▶ _Work required_
Go through the following data and transcribe exactly the stretch of lines from the one holding "11 116 -73 182" to the one holding "207 0 16 4 17", both included.

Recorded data
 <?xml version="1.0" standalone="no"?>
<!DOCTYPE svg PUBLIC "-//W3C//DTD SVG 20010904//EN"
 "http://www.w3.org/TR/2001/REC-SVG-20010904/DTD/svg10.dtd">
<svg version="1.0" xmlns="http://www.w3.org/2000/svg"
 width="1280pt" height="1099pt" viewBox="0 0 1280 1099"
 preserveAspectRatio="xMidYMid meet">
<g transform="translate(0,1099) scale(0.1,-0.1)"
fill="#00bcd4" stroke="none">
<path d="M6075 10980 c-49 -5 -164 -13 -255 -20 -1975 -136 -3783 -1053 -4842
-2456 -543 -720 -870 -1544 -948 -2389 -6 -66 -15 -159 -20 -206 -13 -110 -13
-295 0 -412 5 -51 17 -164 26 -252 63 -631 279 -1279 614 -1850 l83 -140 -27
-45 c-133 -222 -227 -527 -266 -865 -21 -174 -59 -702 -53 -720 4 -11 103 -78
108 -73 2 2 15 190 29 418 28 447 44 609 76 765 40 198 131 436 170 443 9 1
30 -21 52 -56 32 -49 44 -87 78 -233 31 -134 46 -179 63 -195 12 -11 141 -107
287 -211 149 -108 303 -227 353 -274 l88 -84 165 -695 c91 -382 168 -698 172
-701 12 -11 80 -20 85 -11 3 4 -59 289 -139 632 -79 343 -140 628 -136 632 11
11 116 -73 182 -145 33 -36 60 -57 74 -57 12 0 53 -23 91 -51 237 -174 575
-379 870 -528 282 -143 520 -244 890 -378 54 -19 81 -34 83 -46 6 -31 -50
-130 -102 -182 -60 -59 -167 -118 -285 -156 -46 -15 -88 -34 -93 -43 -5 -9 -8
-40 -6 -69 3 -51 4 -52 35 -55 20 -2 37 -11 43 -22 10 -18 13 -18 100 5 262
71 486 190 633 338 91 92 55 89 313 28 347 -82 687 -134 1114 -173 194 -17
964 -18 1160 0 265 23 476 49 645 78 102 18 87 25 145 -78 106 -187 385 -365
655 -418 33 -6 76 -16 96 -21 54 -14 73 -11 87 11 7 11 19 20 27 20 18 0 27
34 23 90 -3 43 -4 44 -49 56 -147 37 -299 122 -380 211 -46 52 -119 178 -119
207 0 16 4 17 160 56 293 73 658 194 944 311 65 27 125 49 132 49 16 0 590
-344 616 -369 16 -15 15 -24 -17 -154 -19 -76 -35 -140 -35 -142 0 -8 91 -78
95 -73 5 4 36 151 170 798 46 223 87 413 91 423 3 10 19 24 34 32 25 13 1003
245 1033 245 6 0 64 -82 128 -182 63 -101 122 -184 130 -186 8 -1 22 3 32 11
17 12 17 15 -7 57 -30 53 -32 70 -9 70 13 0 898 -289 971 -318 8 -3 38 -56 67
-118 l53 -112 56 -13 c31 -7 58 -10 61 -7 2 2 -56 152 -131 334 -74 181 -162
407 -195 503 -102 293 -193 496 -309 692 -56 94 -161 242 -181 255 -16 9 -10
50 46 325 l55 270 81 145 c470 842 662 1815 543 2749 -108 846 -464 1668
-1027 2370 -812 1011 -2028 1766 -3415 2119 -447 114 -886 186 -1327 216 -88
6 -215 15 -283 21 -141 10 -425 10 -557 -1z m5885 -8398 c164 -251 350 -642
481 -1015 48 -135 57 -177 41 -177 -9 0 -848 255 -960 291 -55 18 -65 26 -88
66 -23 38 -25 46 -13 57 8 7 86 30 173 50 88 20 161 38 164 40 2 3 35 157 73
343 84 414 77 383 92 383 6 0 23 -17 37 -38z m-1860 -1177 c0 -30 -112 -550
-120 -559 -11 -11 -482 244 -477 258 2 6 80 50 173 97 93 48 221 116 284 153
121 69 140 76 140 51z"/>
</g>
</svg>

▶ _Result_
11 116 -73 182 -145 33 -36 60 -57 74 -57 12 0 53 -23 91 -51 237 -174 575
-379 870 -528 282 -143 520 -244 890 -378 54 -19 81 -34 83 -46 6 -31 -50
-130 -102 -182 -60 -59 -167 -118 -285 -156 -46 -15 -88 -34 -93 -43 -5 -9 -8
-40 -6 -69 3 -51 4 -52 35 -55 20 -2 37 -11 43 -22 10 -18 13 -18 100 5 262
71 486 190 633 338 91 92 55 89 313 28 347 -82 687 -134 1114 -173 194 -17
964 -18 1160 0 265 23 476 49 645 78 102 18 87 25 145 -78 106 -187 385 -365
655 -418 33 -6 76 -16 96 -21 54 -14 73 -11 87 11 7 11 19 20 27 20 18 0 27
34 23 90 -3 43 -4 44 -49 56 -147 37 -299 122 -380 211 -46 52 -119 178 -119
207 0 16 4 17 160 56 293 73 658 194 944 311 65 27 125 49 132 49 16 0 590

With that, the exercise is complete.